“The coffee will be ready in five minutes,” said the young woman behind the counter. I suppose there’s nothing too surprising about a Dunkin Donuts cashier making such a statement. What may surprise you is the fact that I had not ordered anything when she gave me the status of the coffee. From the moment she saw me walk in, she was pretty sure that I would order the “two doughnuts and a coffee” combo.
This kind of thing happens to me all the time at SM Manila (the mall located close to my apartment) and other places. I still remember a humorous question asked by one of my volunteer missionaries last year: “Do people always know what you want before you say anything?” This particular question came when I walked into a campus administration office and they automatically led me to the person I needed to talk with.
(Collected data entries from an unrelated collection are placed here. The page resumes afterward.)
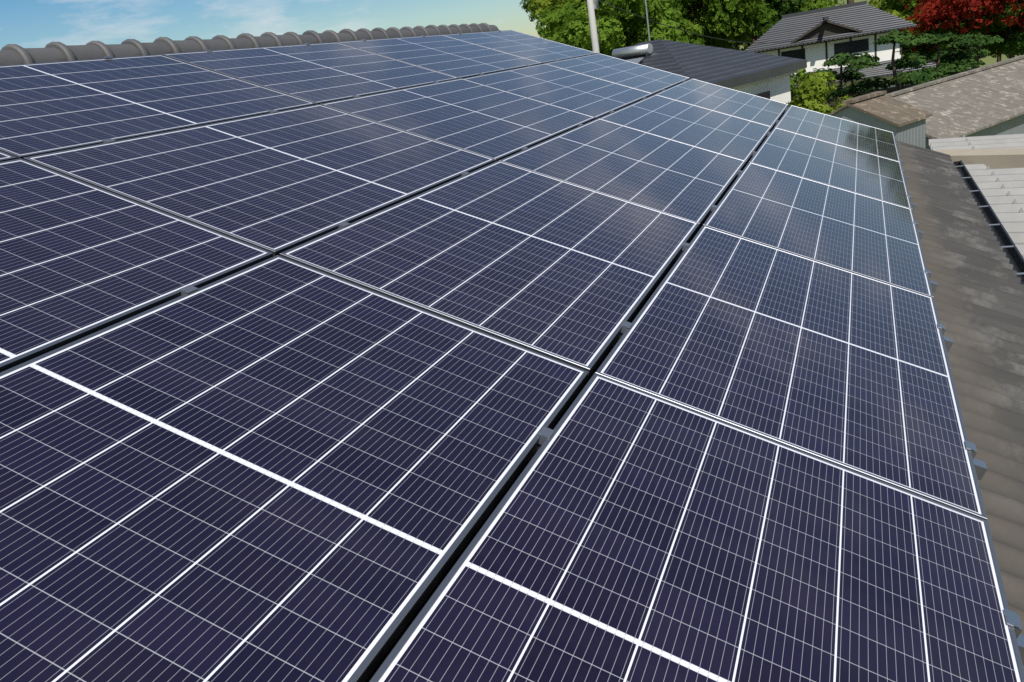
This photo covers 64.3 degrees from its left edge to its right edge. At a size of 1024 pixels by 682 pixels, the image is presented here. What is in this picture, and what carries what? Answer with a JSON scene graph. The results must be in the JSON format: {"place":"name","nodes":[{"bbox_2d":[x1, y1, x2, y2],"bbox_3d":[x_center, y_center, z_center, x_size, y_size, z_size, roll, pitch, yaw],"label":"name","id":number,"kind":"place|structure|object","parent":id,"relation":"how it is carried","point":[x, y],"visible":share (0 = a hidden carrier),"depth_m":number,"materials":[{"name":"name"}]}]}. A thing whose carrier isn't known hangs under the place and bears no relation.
{"place":"outdoors","nodes":[
{"label":"outdoors","id":0,"kind":"place"},
{"bbox_2d":[0,0,829,49],"label":"sky","id":1,"kind":"structure","parent":0,"point":[23,23],"materials":[{"name":"blue"}]},
{"bbox_2d":[732,0,1020,78],"bbox_3d":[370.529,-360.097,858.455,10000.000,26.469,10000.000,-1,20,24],"label":"ground","id":2,"kind":"structure","parent":0,"point":[986,59],"depth_m":81.00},
{"bbox_2d":[520,0,556,24],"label":"tree","id":3,"kind":"object","parent":2,"relation":"on","point":[525,5],"visible":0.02,"depth_m":73.69,"materials":[{"name":"green plant"}]},
{"bbox_2d":[587,0,598,52],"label":"utility pole","id":4,"kind":"object","parent":2,"relation":"on","point":[592,5],"visible":0.26,"depth_m":31.48,"materials":[{"name":"concrete"}]},
{"bbox_2d":[599,16,599,52],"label":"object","id":5,"kind":"object","parent":4,"relation":"attached to","point":[599,34],"visible":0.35,"depth_m":31.60,"materials":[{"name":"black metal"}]},
{"bbox_2d":[528,0,658,37],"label":"tree","id":6,"kind":"object","parent":2,"relation":"on","point":[538,9],"visible":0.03,"depth_m":60.98,"materials":[{"name":"green plant"}]},
{"bbox_2d":[535,0,688,56],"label":"tree","id":7,"kind":"object","parent":2,"relation":"on","point":[570,20],"visible":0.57,"depth_m":51.15,"materials":[{"name":"green plant"}]},
{"bbox_2d":[640,0,686,35],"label":"tree","id":8,"kind":"object","parent":2,"relation":"on","point":[670,14],"visible":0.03,"depth_m":61.22,"materials":[{"name":"green plant"}]},
{"bbox_2d":[666,0,711,42],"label":"tree","id":9,"kind":"object","parent":2,"relation":"on","point":[697,11],"visible":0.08,"depth_m":67.88,"materials":[{"name":"green plant"}]},
{"bbox_2d":[612,0,806,102],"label":"white building","id":10,"kind":"structure","parent":2,"relation":"on","point":[767,76],"depth_m":30.96,"materials":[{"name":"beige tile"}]},
{"bbox_2d":[658,0,776,50],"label":"tree","id":11,"kind":"object","parent":2,"relation":"on","point":[732,20],"visible":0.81,"depth_m":63.07,"materials":[{"name":"green plant"}]},
{"bbox_2d":[709,0,806,46],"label":"tree","id":12,"kind":"object","parent":2,"relation":"on","point":[783,7],"visible":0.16,"depth_m":69.80,"materials":[{"name":"green plant"}]},
{"bbox_2d":[790,68,805,101],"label":"young tree","id":13,"kind":"object","parent":2,"relation":"on","point":[800,72],"visible":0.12,"depth_m":42.13,"materials":[{"name":"green plant"}]},
{"bbox_2d":[789,0,844,11],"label":"tree","id":14,"kind":"object","parent":2,"relation":"on","point":[813,4],"visible":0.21,"depth_m":75.54,"materials":[{"name":"green plant"}]},
{"bbox_2d":[786,71,854,114],"bbox_3d":[11.329,-7.213,29.981,2.919,5.205,3.015,6,24,39],"label":"bush","id":15,"kind":"object","parent":2,"relation":"on","point":[814,88],"visible":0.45,"depth_m":29.04,"materials":[{"name":"green plant"}]},
{"bbox_2d":[800,53,879,112],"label":"tree","id":16,"kind":"object","parent":2,"relation":"on","point":[851,74],"visible":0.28,"depth_m":43.24,"materials":[{"name":"green plant"}]},
{"bbox_2d":[745,1,943,105],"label":"house","id":17,"kind":"structure","parent":2,"relation":"on","point":[850,29],"depth_m":56.45,"materials":[{"name":"tile"}]},
{"bbox_2d":[598,0,805,42],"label":"power line","id":18,"kind":"object","parent":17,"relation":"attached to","point":[683,30],"visible":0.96,"depth_m":37.90,"materials":[{"name":"black metal"}]},
{"bbox_2d":[868,0,883,7],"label":"tree","id":19,"kind":"object","parent":2,"relation":"on","point":[876,3],"visible":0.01,"depth_m":87.69,"materials":[{"name":"green plant"}]},
{"bbox_2d":[828,90,931,147],"bbox_3d":[10.130,-4.449,23.243,1.740,4.968,2.840,-22,22,-33],"label":"annex","id":20,"kind":"object","parent":2,"relation":"on","point":[904,122],"visible":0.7,"depth_m":21.94,"materials":[{"name":"tile"}]},
{"bbox_2d":[838,29,949,91],"bbox_3d":[19.352,-12.455,40.383,5.856,5.871,6.465,-1,20,24],"label":"tree","id":21,"kind":"object","parent":2,"relation":"on","point":[905,38],"visible":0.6,"depth_m":39.61,"materials":[{"name":"green plant"}]},
{"bbox_2d":[883,9,917,22],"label":"hill bush","id":22,"kind":"object","parent":2,"relation":"on","point":[895,13],"visible":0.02,"depth_m":75.84,"materials":[{"name":"green plant"}]},
{"bbox_2d":[878,0,942,20],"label":"tree","id":23,"kind":"object","parent":2,"relation":"on","point":[898,5],"visible":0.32,"depth_m":78.53,"materials":[{"name":"green plant"}]},
{"bbox_2d":[901,28,921,55],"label":"hill bush","id":24,"kind":"object","parent":2,"relation":"on","point":[910,51],"visible":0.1,"depth_m":67.58,"materials":[{"name":"green plant"}]},
{"bbox_2d":[902,20,936,55],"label":"hill bush","id":25,"kind":"object","parent":2,"relation":"on","point":[919,47],"visible":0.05,"depth_m":71.41,"materials":[{"name":"green plant"}]},
{"bbox_2d":[887,30,984,85],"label":"tree","id":26,"kind":"object","parent":2,"relation":"on","point":[956,53],"visible":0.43,"depth_m":41.62,"materials":[{"name":"green plant"}]},
{"bbox_2d":[918,12,980,74],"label":"hill bush","id":27,"kind":"object","parent":2,"relation":"on","point":[934,51],"visible":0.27,"depth_m":65.91,"materials":[{"name":"green plant"}]},
{"bbox_2d":[885,55,1023,149],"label":"slate shed","id":28,"kind":"structure","parent":2,"relation":"on","point":[987,100],"depth_m":27.56,"materials":[{"name":"grey stone"}]},
{"bbox_2d":[919,31,1003,83],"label":"tree","id":29,"kind":"object","parent":2,"relation":"on","point":[972,63],"visible":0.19,"depth_m":45.88,"materials":[{"name":"green plant"}]},
{"bbox_2d":[902,0,1023,69],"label":"maple","id":30,"kind":"object","parent":2,"relation":"on","point":[937,10],"visible":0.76,"depth_m":62.16,"materials":[{"name":"red plant"}]},
{"bbox_2d":[928,133,1023,257],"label":"roof","id":31,"kind":"structure","parent":2,"relation":"on","point":[1002,190],"depth_m":10.48,"materials":[{"name":"grey metal"}]},
{"bbox_2d":[933,148,1023,168],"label":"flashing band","id":32,"kind":"object","parent":31,"relation":"attached to","point":[1003,158],"depth_m":11.35,"materials":[{"name":"beige metal"}]},
{"bbox_2d":[957,0,1023,58],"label":"tree","id":33,"kind":"object","parent":2,"relation":"on","point":[1010,46],"visible":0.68,"depth_m":61.51,"materials":[{"name":"green plant"}]},
{"bbox_2d":[982,6,1002,61],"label":"hill bush","id":34,"kind":"object","parent":2,"relation":"on","point":[998,55],"visible":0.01,"depth_m":71.45,"materials":[{"name":"green plant"}]},
{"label":"house","id":35,"kind":"structure","parent":2,"relation":"on"},
{"bbox_2d":[365,111,1023,681],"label":"roof","id":36,"kind":"structure","parent":35,"relation":"on","point":[979,297],"depth_m":3.44,"materials":[{"name":"tile"}]},
{"bbox_2d":[0,151,16,161],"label":"panel","id":37,"kind":"object","parent":36,"relation":"on","point":[4,156],"visible":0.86,"depth_m":2.69,"materials":[{"name":"blue glass"}]},
{"bbox_2d":[0,50,23,65],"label":"ridge tile","id":38,"kind":"object","parent":36,"relation":"on","point":[9,57],"visible":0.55,"depth_m":3.92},
{"bbox_2d":[86,41,141,57],"bbox_3d":[-2.218,-1.591,4.543,0.214,0.170,0.280,-1,20,23],"label":"ridge tile","id":39,"kind":"object","parent":36,"relation":"on","point":[119,50],"visible":0.38,"depth_m":4.48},
{"bbox_2d":[0,158,272,372],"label":"panel","id":40,"kind":"object","parent":36,"relation":"on","point":[79,259],"visible":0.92,"depth_m":2.21,"materials":[{"name":"blue glass"}]},
{"bbox_2d":[121,39,172,55],"bbox_3d":[-2.126,-1.680,4.758,0.214,0.170,0.280,-2,20,23],"label":"ridge tile","id":41,"kind":"object","parent":36,"relation":"on","point":[154,48],"visible":0.45,"depth_m":4.68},
{"bbox_2d":[0,55,315,158],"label":"panel","id":42,"kind":"object","parent":36,"relation":"on","point":[48,107],"visible":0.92,"depth_m":3.55,"materials":[{"name":"blue glass"}]},
{"bbox_2d":[154,37,201,52],"bbox_3d":[-2.033,-1.772,4.972,0.214,0.170,0.280,-1,20,23],"label":"ridge tile","id":43,"kind":"object","parent":36,"relation":"on","point":[178,46],"visible":0.46,"depth_m":4.90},
{"bbox_2d":[185,36,229,50],"bbox_3d":[-1.938,-1.857,5.186,0.214,0.170,0.280,-1,20,24],"label":"ridge tile","id":44,"kind":"object","parent":36,"relation":"on","point":[212,44],"visible":0.38,"depth_m":5.12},
{"bbox_2d":[212,35,254,48],"bbox_3d":[-1.848,-1.945,5.402,0.214,0.170,0.280,-2,20,24],"label":"ridge tile","id":45,"kind":"object","parent":36,"relation":"on","point":[236,43],"visible":0.41,"depth_m":5.33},
{"bbox_2d":[236,33,276,47],"bbox_3d":[-1.756,-2.037,5.616,0.214,0.170,0.280,-2,20,23],"label":"ridge tile","id":46,"kind":"object","parent":36,"relation":"on","point":[262,41],"visible":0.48,"depth_m":5.54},
{"bbox_2d":[24,104,494,256],"bbox_3d":[-0.856,-0.727,3.322,1.004,0.035,1.710,21,27,15],"label":"panel","id":47,"kind":"object","parent":36,"relation":"on","point":[276,183],"visible":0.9,"depth_m":3.07,"materials":[{"name":"blue glass"}]},
{"bbox_2d":[58,31,489,60],"bbox_3d":[-2.308,-1.442,4.329,0.160,0.100,11.260,-1,20,24],"label":"ridge bedding","id":48,"kind":"object","parent":36,"relation":"on","point":[252,46],"depth_m":4.80,"materials":[{"name":"concrete"}]},
{"bbox_2d":[45,42,104,60],"bbox_3d":[-2.310,-1.507,4.327,0.214,0.170,0.280,-1,21,24],"label":"ridge tile","id":49,"kind":"object","parent":48,"relation":"on","point":[77,52],"visible":0.5,"depth_m":4.26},
{"bbox_2d":[261,32,298,45],"bbox_3d":[-1.662,-2.127,5.829,0.214,0.170,0.280,-1,20,24],"label":"ridge tile","id":50,"kind":"object","parent":36,"relation":"on","point":[282,40],"visible":0.4,"depth_m":5.75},
{"bbox_2d":[0,255,587,681],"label":"panel","id":51,"kind":"object","parent":36,"relation":"on","point":[276,469],"visible":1,"depth_m":1.54,"materials":[{"name":"blue glass"}]},
{"bbox_2d":[162,42,458,104],"bbox_3d":[-1.143,-1.682,5.055,1.004,0.035,1.710,21,27,15],"label":"panel","id":52,"kind":"object","parent":36,"relation":"on","point":[318,73],"visible":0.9,"depth_m":4.88,"materials":[{"name":"blue glass"}]},
{"bbox_2d":[302,30,336,42],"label":"ridge tile","id":53,"kind":"object","parent":36,"relation":"on","point":[324,37],"visible":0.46,"depth_m":6.17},
{"bbox_2d":[323,30,353,41],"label":"ridge tile","id":54,"kind":"object","parent":36,"relation":"on","point":[340,37],"visible":0.3,"depth_m":6.39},
{"bbox_2d":[339,29,370,40],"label":"ridge tile","id":55,"kind":"object","parent":36,"relation":"on","point":[357,35],"visible":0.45,"depth_m":6.60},
{"bbox_2d":[357,28,385,39],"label":"ridge tile","id":56,"kind":"object","parent":36,"relation":"on","point":[375,34],"visible":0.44,"depth_m":6.83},
{"bbox_2d":[372,28,399,37],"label":"ridge tile","id":57,"kind":"object","parent":36,"relation":"on","point":[390,34],"visible":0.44,"depth_m":7.04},
{"bbox_2d":[400,27,425,36],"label":"ridge tile","id":58,"kind":"object","parent":36,"relation":"on","point":[416,32],"visible":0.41,"depth_m":7.42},
{"bbox_2d":[413,26,437,35],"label":"ridge tile","id":59,"kind":"object","parent":36,"relation":"on","point":[429,31],"visible":0.41,"depth_m":7.63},
{"bbox_2d":[425,25,448,34],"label":"ridge tile","id":60,"kind":"object","parent":36,"relation":"on","point":[441,30],"visible":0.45,"depth_m":7.84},
{"bbox_2d":[337,35,542,78],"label":"panel","id":61,"kind":"object","parent":36,"relation":"on","point":[454,57],"visible":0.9,"depth_m":6.40,"materials":[{"name":"blue glass"}]},
{"bbox_2d":[438,25,459,33],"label":"ridge tile","id":62,"kind":"object","parent":36,"relation":"on","point":[453,30],"visible":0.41,"depth_m":8.06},
{"bbox_2d":[320,78,595,161],"bbox_3d":[-0.218,-1.336,4.799,1.004,0.036,1.710,21,28,15],"label":"panel","id":63,"kind":"object","parent":36,"relation":"on","point":[496,124],"visible":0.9,"depth_m":4.62,"materials":[{"name":"blue glass"}]},
{"bbox_2d":[448,24,470,32],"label":"ridge tile","id":64,"kind":"object","parent":36,"relation":"on","point":[462,29],"visible":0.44,"depth_m":8.28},
{"bbox_2d":[459,24,479,32],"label":"ridge tile","id":65,"kind":"object","parent":36,"relation":"on","point":[473,29],"visible":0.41,"depth_m":8.48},
{"bbox_2d":[469,23,488,31],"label":"ridge tile","id":66,"kind":"object","parent":36,"relation":"on","point":[482,28],"visible":0.4,"depth_m":8.70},
{"bbox_2d":[478,23,498,30],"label":"ridge tile","id":67,"kind":"object","parent":36,"relation":"on","point":[492,27],"visible":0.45,"depth_m":8.93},
{"bbox_2d":[279,161,698,379],"bbox_3d":[0.069,-0.381,3.065,1.004,0.036,1.710,21,27,15],"label":"panel","id":68,"kind":"object","parent":36,"relation":"on","point":[563,271],"visible":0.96,"depth_m":2.79,"materials":[{"name":"blue glass"}]},
{"bbox_2d":[444,30,597,63],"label":"panel","id":69,"kind":"object","parent":36,"relation":"on","point":[531,47],"visible":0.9,"depth_m":7.90,"materials":[{"name":"blue glass"}]},
{"bbox_2d":[462,63,652,118],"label":"panel","id":70,"kind":"object","parent":36,"relation":"on","point":[597,98],"visible":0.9,"depth_m":6.15,"materials":[{"name":"blue glass"}]},
{"bbox_2d":[101,30,1023,665],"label":"mounting clamp","id":71,"kind":"object","parent":36,"relation":"on","point":[1013,618],"visible":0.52,"depth_m":2.27,"materials":[{"name":"silver metal"}]},
{"bbox_2d":[545,53,689,94],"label":"panel","id":72,"kind":"object","parent":36,"relation":"on","point":[654,81],"visible":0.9,"depth_m":7.64,"materials":[{"name":"blue glass"}]},
{"bbox_2d":[499,118,745,228],"bbox_3d":[0.706,-0.989,4.543,1.004,0.037,1.710,20,27,15],"label":"panel","id":73,"kind":"object","parent":36,"relation":"on","point":[665,175],"visible":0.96,"depth_m":4.36,"materials":[{"name":"blue glass"}]},
{"bbox_2d":[600,94,771,164],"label":"panel","id":74,"kind":"object","parent":36,"relation":"on","point":[707,129],"visible":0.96,"depth_m":5.88,"materials":[{"name":"blue glass"}]},
{"bbox_2d":[369,373,1023,681],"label":"panel","id":75,"kind":"object","parent":36,"relation":"on","point":[626,533],"visible":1,"depth_m":1.57,"materials":[{"name":"blue glass"}]},
{"bbox_2d":[656,78,788,129],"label":"panel","id":76,"kind":"object","parent":36,"relation":"on","point":[740,104],"visible":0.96,"depth_m":7.38,"materials":[{"name":"blue glass"}]},
{"bbox_2d":[595,226,986,519],"bbox_3d":[0.993,-0.033,2.810,1.004,0.036,1.710,21,27,15],"label":"panel","id":77,"kind":"object","parent":36,"relation":"on","point":[842,367],"visible":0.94,"depth_m":2.52,"materials":[{"name":"blue glass"}]},
{"bbox_2d":[703,162,933,297],"bbox_3d":[1.631,-0.643,4.287,1.004,0.035,1.710,21,27,15],"label":"panel","id":78,"kind":"object","parent":36,"relation":"on","point":[866,236],"visible":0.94,"depth_m":4.09,"materials":[{"name":"blue glass"}]},
{"bbox_2d":[749,127,912,208],"bbox_3d":[2.268,-1.252,5.764,1.004,0.035,1.710,21,27,15],"label":"panel","id":79,"kind":"object","parent":36,"relation":"on","point":[846,168],"visible":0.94,"depth_m":5.62,"materials":[{"name":"blue glass"}]},
{"bbox_2d":[775,105,900,161],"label":"panel","id":80,"kind":"object","parent":36,"relation":"on","point":[843,132],"visible":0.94,"depth_m":7.12,"materials":[{"name":"blue glass"}]},
{"bbox_2d":[953,160,1023,284],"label":"gutter","id":81,"kind":"object","parent":36,"relation":"attached to","point":[1011,250],"visible":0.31,"depth_m":5.75,"materials":[{"name":"black metal"}]},
{"bbox_3d":[-4.241,-0.485,5.557,4.564,1.990,11.280,-1,20,24],"label":"roof","id":82,"kind":"object","parent":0,"visible":0},
{"bbox_2d":[1,44,65,63],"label":"ridge tile","id":83,"kind":"object","parent":82,"relation":"on","point":[35,55],"visible":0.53,"depth_m":4.04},
{"bbox_2d":[283,32,317,44],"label":"ridge tile","id":84,"kind":"object","parent":82,"relation":"on","point":[302,39],"visible":0.38,"depth_m":5.97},
{"bbox_2d":[387,27,412,37],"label":"ridge tile","id":85,"kind":"object","parent":82,"relation":"on","point":[404,33],"visible":0.38,"depth_m":7.23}
]}

I guess it did seem that people often knew what (or who) I wanted as soon as I entered the room.
This would be a good time to introduce my foreign readers to a new Tagalog word: suki. This word means “loyal customer,” which is exactly what I’ve become at many places here. I guess being a foreigner makes it that much easier for folks to remember me and my preferences. Perhaps I also get extra “suki points” for making small talk with the cashiers and servers.
Being a suki does have advantages that I’ve exploited from time to time. A few weeks ago I kept running into long lines at places where I regularly order food. Each time my order went ahead of some of the other customers–I assume they had not yet reached suki status. No one complained as far as I know–maybe the Filipinos intuitively knew what was going on.